Records from a data collection:
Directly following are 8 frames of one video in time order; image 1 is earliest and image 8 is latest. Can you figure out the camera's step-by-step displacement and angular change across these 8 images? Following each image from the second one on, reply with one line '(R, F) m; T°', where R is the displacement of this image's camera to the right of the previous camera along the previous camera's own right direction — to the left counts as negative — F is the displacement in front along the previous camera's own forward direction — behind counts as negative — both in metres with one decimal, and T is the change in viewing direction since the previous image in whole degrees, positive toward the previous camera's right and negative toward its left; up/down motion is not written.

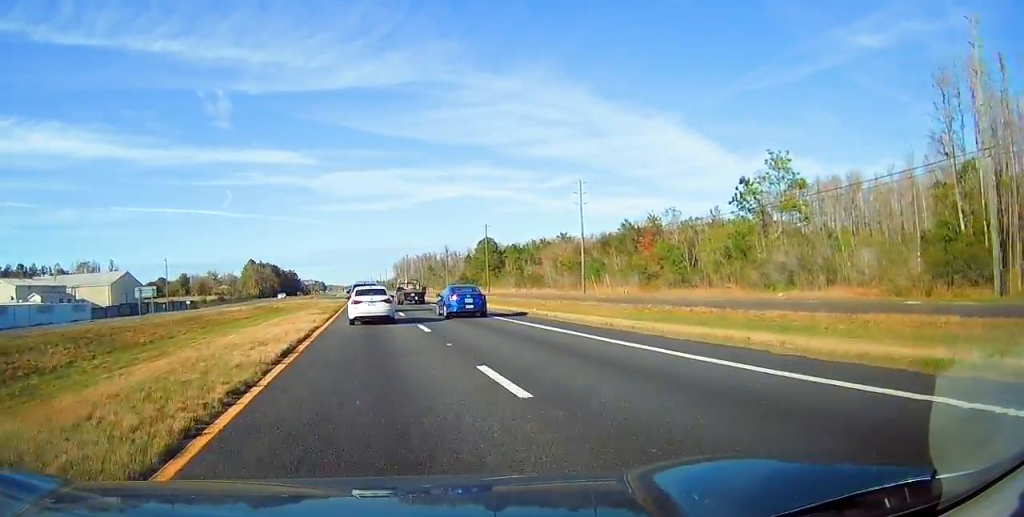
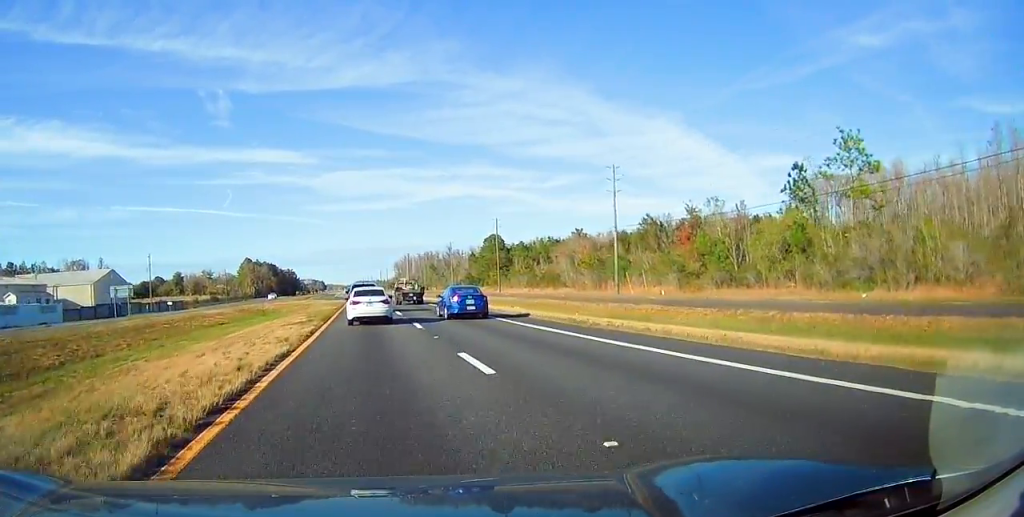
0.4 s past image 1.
(-0.1, +10.2) m; 0°
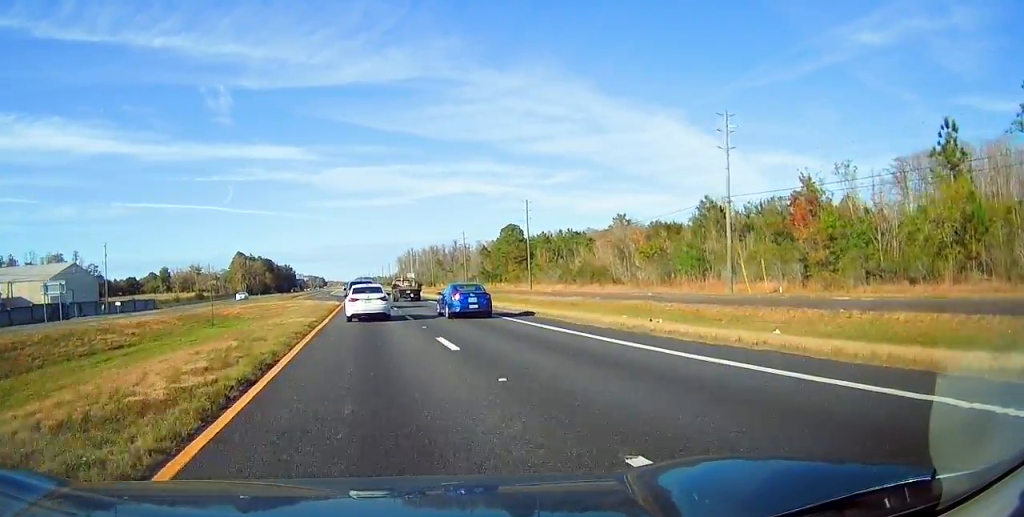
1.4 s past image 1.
(-0.1, +21.4) m; 0°
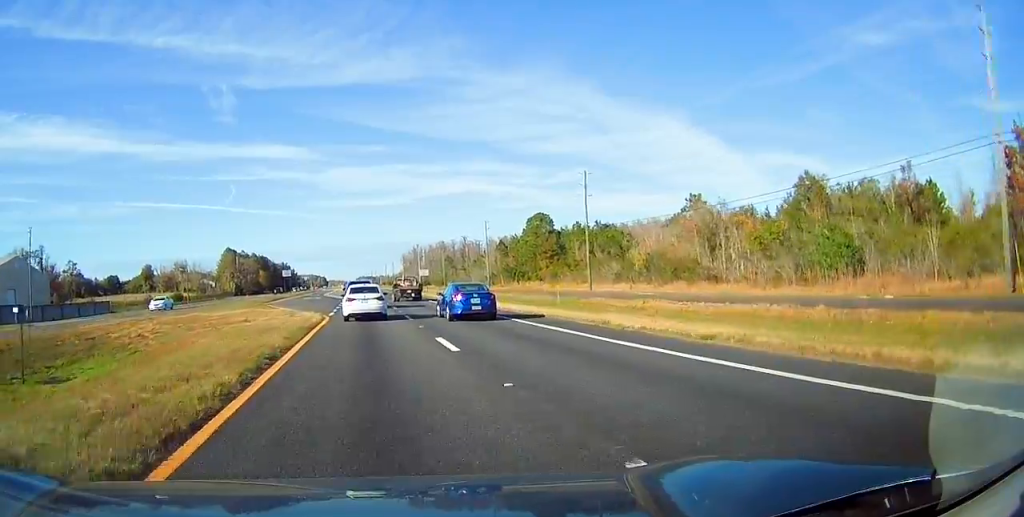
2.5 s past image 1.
(+0.2, +24.9) m; +1°
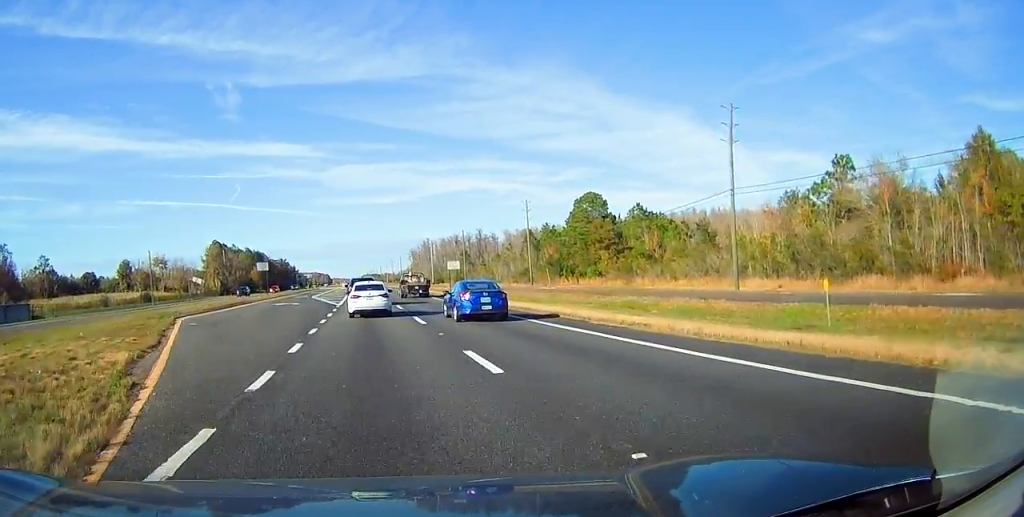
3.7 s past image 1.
(0.0, +29.4) m; -1°
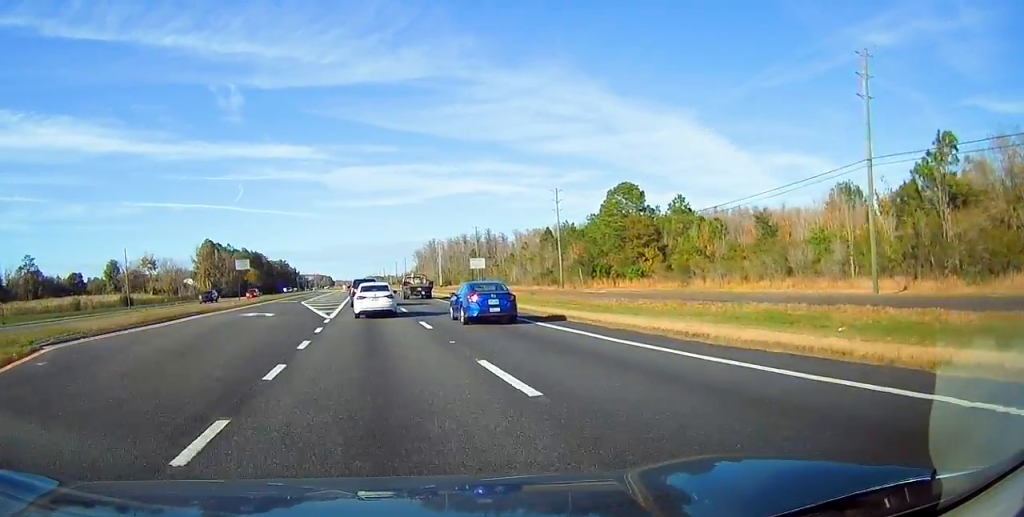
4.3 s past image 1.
(-0.3, +14.5) m; 0°
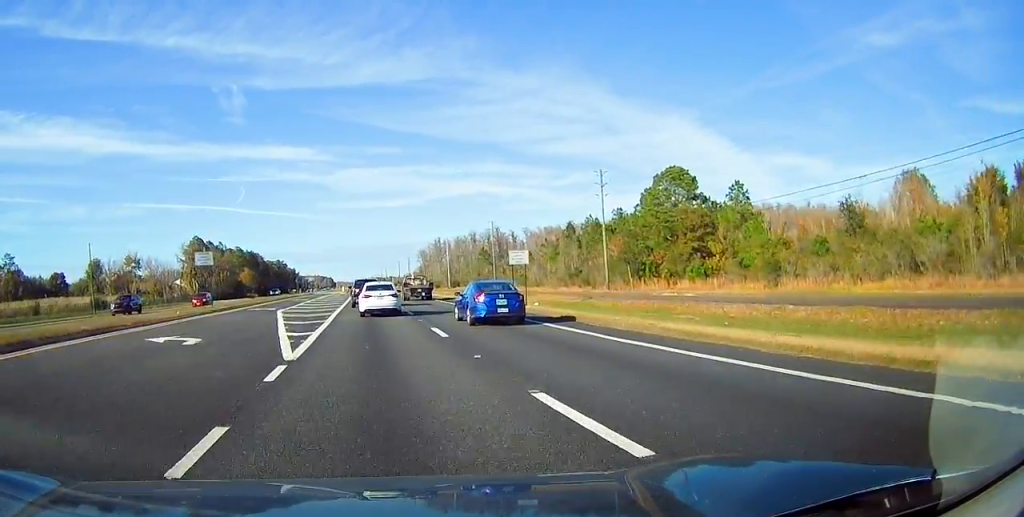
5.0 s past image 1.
(0.0, +16.0) m; 0°
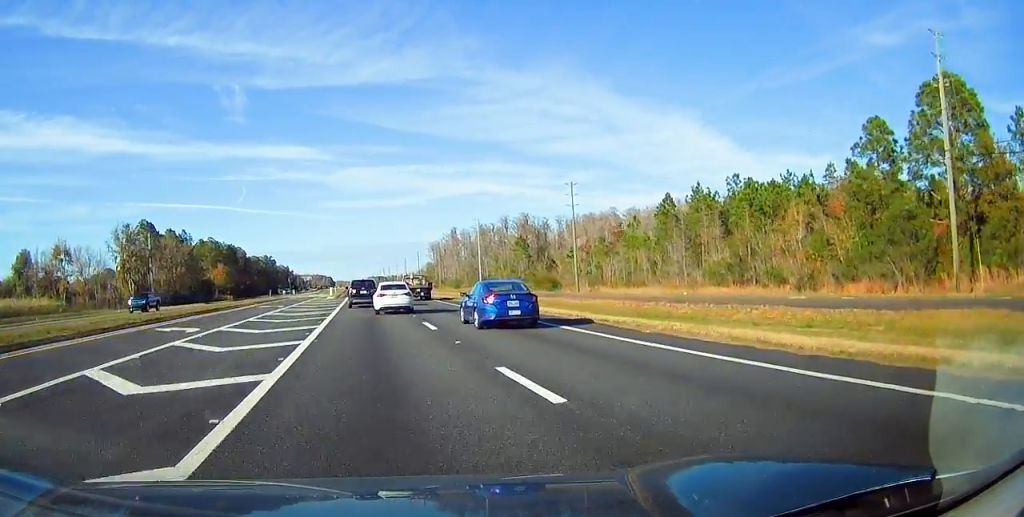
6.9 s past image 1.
(-0.3, +47.2) m; -1°

- _Task instructions_: Without including any picture, restate every entry above exactly.

- _Response below_:
Directly following are 8 frames of one video in time order; image 1 is earliest and image 8 is latest. Can you figure out the camera's step-by-step displacement and angular change across these 8 images? Following each image from the second one on, reply with one line '(R, F) m; T°', where R is the displacement of this image's camera to the right of the previous camera along the previous camera's own right direction — to the left counts as negative — F is the displacement in front along the previous camera's own forward direction — behind counts as negative — both in metres with one decimal, and T is the change in viewing direction since the previous image in whole degrees, positive toward the previous camera's right and negative toward its left; up/down motion is not written.

0.4 s past image 1.
(-0.1, +10.2) m; 0°
1.4 s past image 1.
(-0.1, +21.4) m; 0°
2.5 s past image 1.
(+0.2, +24.9) m; +1°
3.7 s past image 1.
(0.0, +29.4) m; -1°
4.3 s past image 1.
(-0.3, +14.5) m; 0°
5.0 s past image 1.
(0.0, +16.0) m; 0°
6.9 s past image 1.
(-0.3, +47.2) m; -1°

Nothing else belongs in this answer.